• **Action item**: Omit the pictures, please, and give each record below again exactly.

• **Supplied records**:
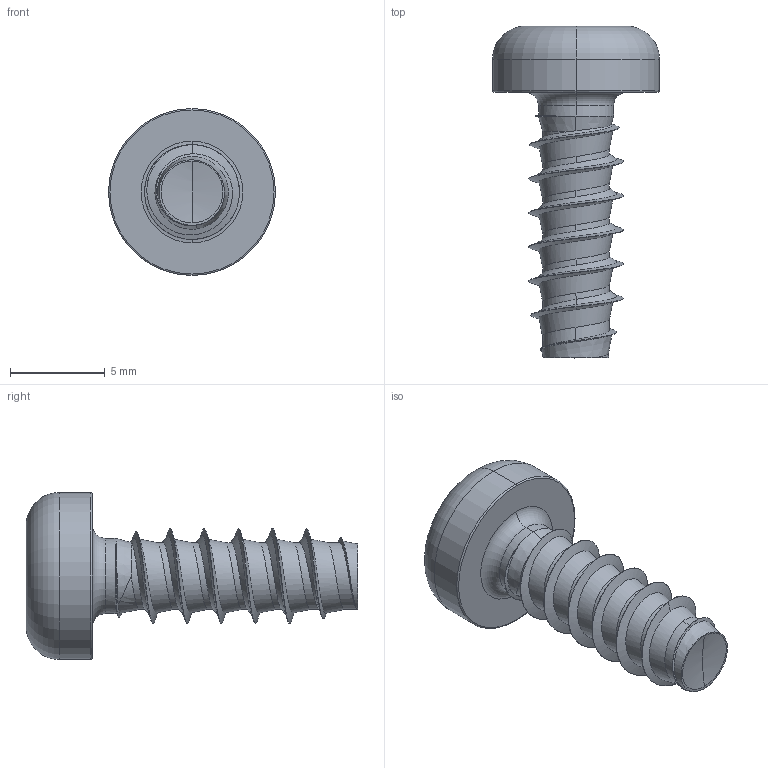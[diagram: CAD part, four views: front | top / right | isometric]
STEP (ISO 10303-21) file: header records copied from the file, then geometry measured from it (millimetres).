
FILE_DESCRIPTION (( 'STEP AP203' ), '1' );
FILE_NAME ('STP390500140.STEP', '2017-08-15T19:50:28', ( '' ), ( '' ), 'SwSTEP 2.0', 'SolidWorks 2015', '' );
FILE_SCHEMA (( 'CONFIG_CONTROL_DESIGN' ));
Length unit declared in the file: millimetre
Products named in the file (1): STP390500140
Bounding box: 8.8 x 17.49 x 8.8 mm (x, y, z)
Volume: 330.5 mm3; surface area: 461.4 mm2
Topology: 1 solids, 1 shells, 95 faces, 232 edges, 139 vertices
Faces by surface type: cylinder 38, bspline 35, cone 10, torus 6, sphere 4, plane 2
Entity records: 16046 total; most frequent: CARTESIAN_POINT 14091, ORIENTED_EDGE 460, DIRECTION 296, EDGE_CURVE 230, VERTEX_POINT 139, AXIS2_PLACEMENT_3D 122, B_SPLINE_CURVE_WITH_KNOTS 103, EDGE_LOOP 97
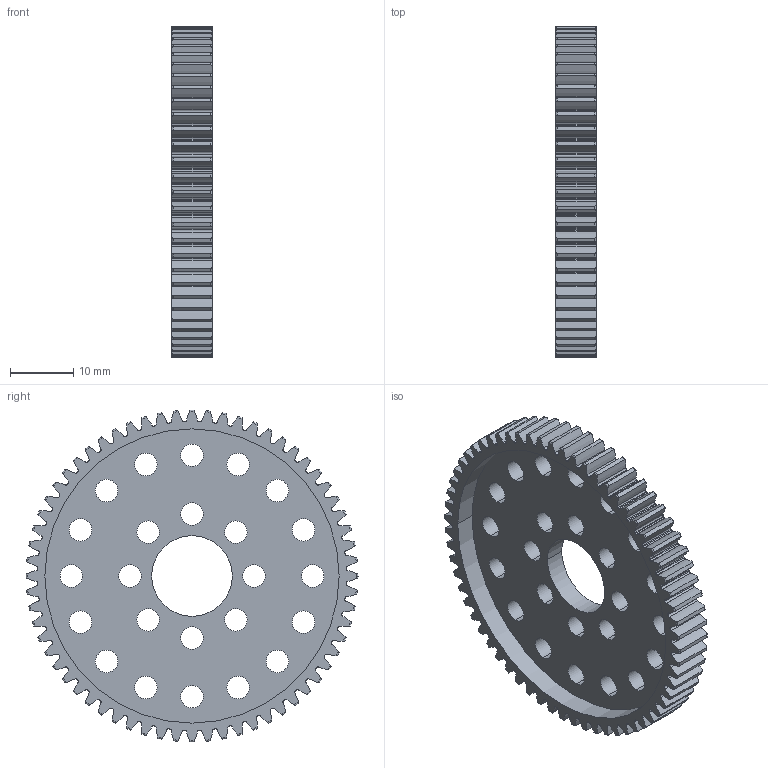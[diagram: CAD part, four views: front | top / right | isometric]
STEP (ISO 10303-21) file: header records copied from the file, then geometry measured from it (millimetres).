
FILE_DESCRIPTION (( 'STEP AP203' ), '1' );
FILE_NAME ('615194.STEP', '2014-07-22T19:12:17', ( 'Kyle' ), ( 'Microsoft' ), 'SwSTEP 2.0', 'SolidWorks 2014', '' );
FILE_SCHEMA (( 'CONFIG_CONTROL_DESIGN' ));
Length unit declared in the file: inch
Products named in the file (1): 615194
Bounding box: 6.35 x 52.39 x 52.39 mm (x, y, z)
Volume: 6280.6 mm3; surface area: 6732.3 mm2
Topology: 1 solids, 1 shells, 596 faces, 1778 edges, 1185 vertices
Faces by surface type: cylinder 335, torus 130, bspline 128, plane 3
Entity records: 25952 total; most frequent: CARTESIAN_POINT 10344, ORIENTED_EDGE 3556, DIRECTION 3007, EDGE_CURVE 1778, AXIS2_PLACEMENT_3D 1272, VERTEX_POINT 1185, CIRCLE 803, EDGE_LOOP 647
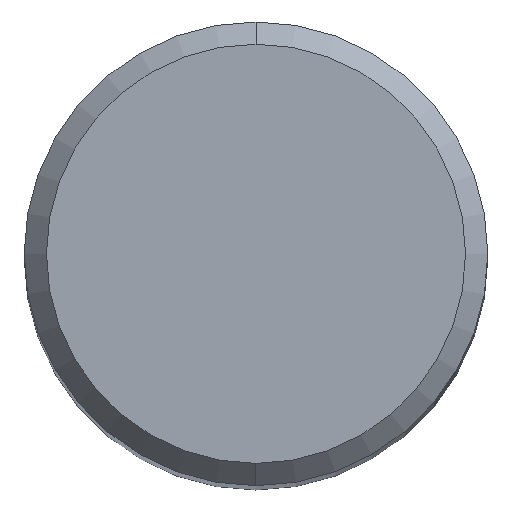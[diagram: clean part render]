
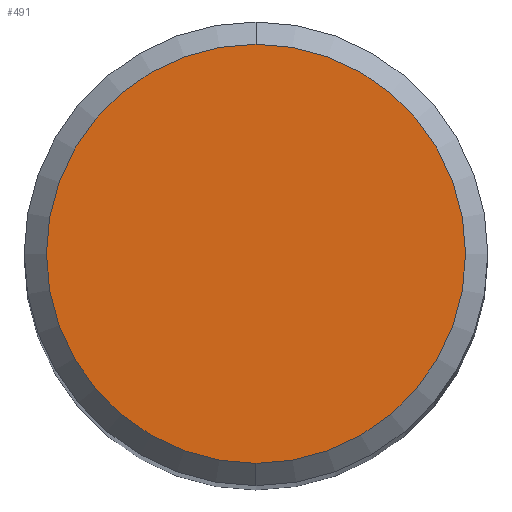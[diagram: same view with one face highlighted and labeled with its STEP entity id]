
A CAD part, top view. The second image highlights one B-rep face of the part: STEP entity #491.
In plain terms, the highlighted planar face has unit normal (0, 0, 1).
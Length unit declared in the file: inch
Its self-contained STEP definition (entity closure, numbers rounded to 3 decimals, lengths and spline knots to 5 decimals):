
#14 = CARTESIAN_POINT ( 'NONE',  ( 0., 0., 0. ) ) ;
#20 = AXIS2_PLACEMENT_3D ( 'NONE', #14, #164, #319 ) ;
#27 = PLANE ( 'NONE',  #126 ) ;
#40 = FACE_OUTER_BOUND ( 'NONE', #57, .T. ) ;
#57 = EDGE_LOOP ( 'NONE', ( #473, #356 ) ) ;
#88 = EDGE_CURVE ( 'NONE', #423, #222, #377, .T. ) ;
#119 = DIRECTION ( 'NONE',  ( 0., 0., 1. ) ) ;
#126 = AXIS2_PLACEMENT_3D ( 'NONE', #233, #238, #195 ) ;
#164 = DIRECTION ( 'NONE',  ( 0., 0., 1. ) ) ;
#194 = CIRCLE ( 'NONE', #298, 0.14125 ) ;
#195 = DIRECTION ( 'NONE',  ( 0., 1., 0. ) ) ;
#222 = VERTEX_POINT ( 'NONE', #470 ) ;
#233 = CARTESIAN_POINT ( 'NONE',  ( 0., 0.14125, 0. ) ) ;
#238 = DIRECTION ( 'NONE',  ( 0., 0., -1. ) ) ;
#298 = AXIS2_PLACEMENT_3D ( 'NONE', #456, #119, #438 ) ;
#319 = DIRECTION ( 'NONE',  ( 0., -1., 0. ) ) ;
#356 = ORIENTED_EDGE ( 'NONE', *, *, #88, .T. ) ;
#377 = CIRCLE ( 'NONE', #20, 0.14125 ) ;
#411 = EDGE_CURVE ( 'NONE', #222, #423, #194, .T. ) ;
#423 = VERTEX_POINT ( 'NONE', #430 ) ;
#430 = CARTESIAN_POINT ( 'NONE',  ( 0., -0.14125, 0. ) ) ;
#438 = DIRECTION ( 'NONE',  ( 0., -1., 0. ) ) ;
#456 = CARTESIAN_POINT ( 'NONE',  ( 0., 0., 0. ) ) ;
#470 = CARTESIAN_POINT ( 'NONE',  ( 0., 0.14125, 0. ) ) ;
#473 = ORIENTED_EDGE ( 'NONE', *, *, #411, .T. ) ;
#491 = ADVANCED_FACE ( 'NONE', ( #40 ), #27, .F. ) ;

• **Answer space**:
[diagram: CAD part, four views: front | top / right | isometric]
STEP (ISO 10303-21) file: header records copied from the file, then geometry measured from it (millimetres).
FILE_DESCRIPTION (( 'STEP AP203' ), '1' );
FILE_NAME ('STP390500140.STEP', '2017-08-15T19:50:28', ( '' ), ( '' ), 'SwSTEP 2.0', 'SolidWorks 2015', '' );
FILE_SCHEMA (( 'CONFIG_CONTROL_DESIGN' ));
Length unit declared in the file: millimetre
Products named in the file (1): STP390500140
Bounding box: 8.8 x 17.49 x 8.8 mm (x, y, z)
Volume: 330.5 mm3; surface area: 461.4 mm2
Topology: 1 solids, 1 shells, 95 faces, 232 edges, 139 vertices
Faces by surface type: cylinder 38, bspline 35, cone 10, torus 6, sphere 4, plane 2
Entity records: 16046 total; most frequent: CARTESIAN_POINT 14091, ORIENTED_EDGE 460, DIRECTION 296, EDGE_CURVE 230, VERTEX_POINT 139, AXIS2_PLACEMENT_3D 122, B_SPLINE_CURVE_WITH_KNOTS 103, EDGE_LOOP 97
[diagram: CAD part, four views: front | top / right | isometric]
STEP (ISO 10303-21) file: header records copied from the file, then geometry measured from it (millimetres).
FILE_DESCRIPTION (( 'STEP AP203' ), '1' );
FILE_NAME ('615194.STEP', '2014-07-22T19:12:17', ( 'Kyle' ), ( 'Microsoft' ), 'SwSTEP 2.0', 'SolidWorks 2014', '' );
FILE_SCHEMA (( 'CONFIG_CONTROL_DESIGN' ));
Length unit declared in the file: inch
Products named in the file (1): 615194
Bounding box: 6.35 x 52.39 x 52.39 mm (x, y, z)
Volume: 6280.6 mm3; surface area: 6732.3 mm2
Topology: 1 solids, 1 shells, 596 faces, 1778 edges, 1185 vertices
Faces by surface type: cylinder 335, torus 130, bspline 128, plane 3
Entity records: 25952 total; most frequent: CARTESIAN_POINT 10344, ORIENTED_EDGE 3556, DIRECTION 3007, EDGE_CURVE 1778, AXIS2_PLACEMENT_3D 1272, VERTEX_POINT 1185, CIRCLE 803, EDGE_LOOP 647
[diagram: clean part render]
[diagram: same view with one face highlighted and labeled with its STEP entity id]
A CAD part, top view. The second image highlights one B-rep face of the part: STEP entity #491.
In plain terms, the highlighted planar face has unit normal (0, 0, 1).
Length unit declared in the file: inch
Its self-contained STEP definition (entity closure, numbers rounded to 3 decimals, lengths and spline knots to 5 decimals):
#14 = CARTESIAN_POINT ( 'NONE',  ( 0., 0., 0. ) ) ;
#20 = AXIS2_PLACEMENT_3D ( 'NONE', #14, #164, #319 ) ;
#27 = PLANE ( 'NONE',  #126 ) ;
#40 = FACE_OUTER_BOUND ( 'NONE', #57, .T. ) ;
#57 = EDGE_LOOP ( 'NONE', ( #473, #356 ) ) ;
#88 = EDGE_CURVE ( 'NONE', #423, #222, #377, .T. ) ;
#119 = DIRECTION ( 'NONE',  ( 0., 0., 1. ) ) ;
#126 = AXIS2_PLACEMENT_3D ( 'NONE', #233, #238, #195 ) ;
#164 = DIRECTION ( 'NONE',  ( 0., 0., 1. ) ) ;
#194 = CIRCLE ( 'NONE', #298, 0.14125 ) ;
#195 = DIRECTION ( 'NONE',  ( 0., 1., 0. ) ) ;
#222 = VERTEX_POINT ( 'NONE', #470 ) ;
#233 = CARTESIAN_POINT ( 'NONE',  ( 0., 0.14125, 0. ) ) ;
#238 = DIRECTION ( 'NONE',  ( 0., 0., -1. ) ) ;
#298 = AXIS2_PLACEMENT_3D ( 'NONE', #456, #119, #438 ) ;
#319 = DIRECTION ( 'NONE',  ( 0., -1., 0. ) ) ;
#356 = ORIENTED_EDGE ( 'NONE', *, *, #88, .T. ) ;
#377 = CIRCLE ( 'NONE', #20, 0.14125 ) ;
#411 = EDGE_CURVE ( 'NONE', #222, #423, #194, .T. ) ;
#423 = VERTEX_POINT ( 'NONE', #430 ) ;
#430 = CARTESIAN_POINT ( 'NONE',  ( 0., -0.14125, 0. ) ) ;
#438 = DIRECTION ( 'NONE',  ( 0., -1., 0. ) ) ;
#456 = CARTESIAN_POINT ( 'NONE',  ( 0., 0., 0. ) ) ;
#470 = CARTESIAN_POINT ( 'NONE',  ( 0., 0.14125, 0. ) ) ;
#473 = ORIENTED_EDGE ( 'NONE', *, *, #411, .T. ) ;
#491 = ADVANCED_FACE ( 'NONE', ( #40 ), #27, .F. ) ;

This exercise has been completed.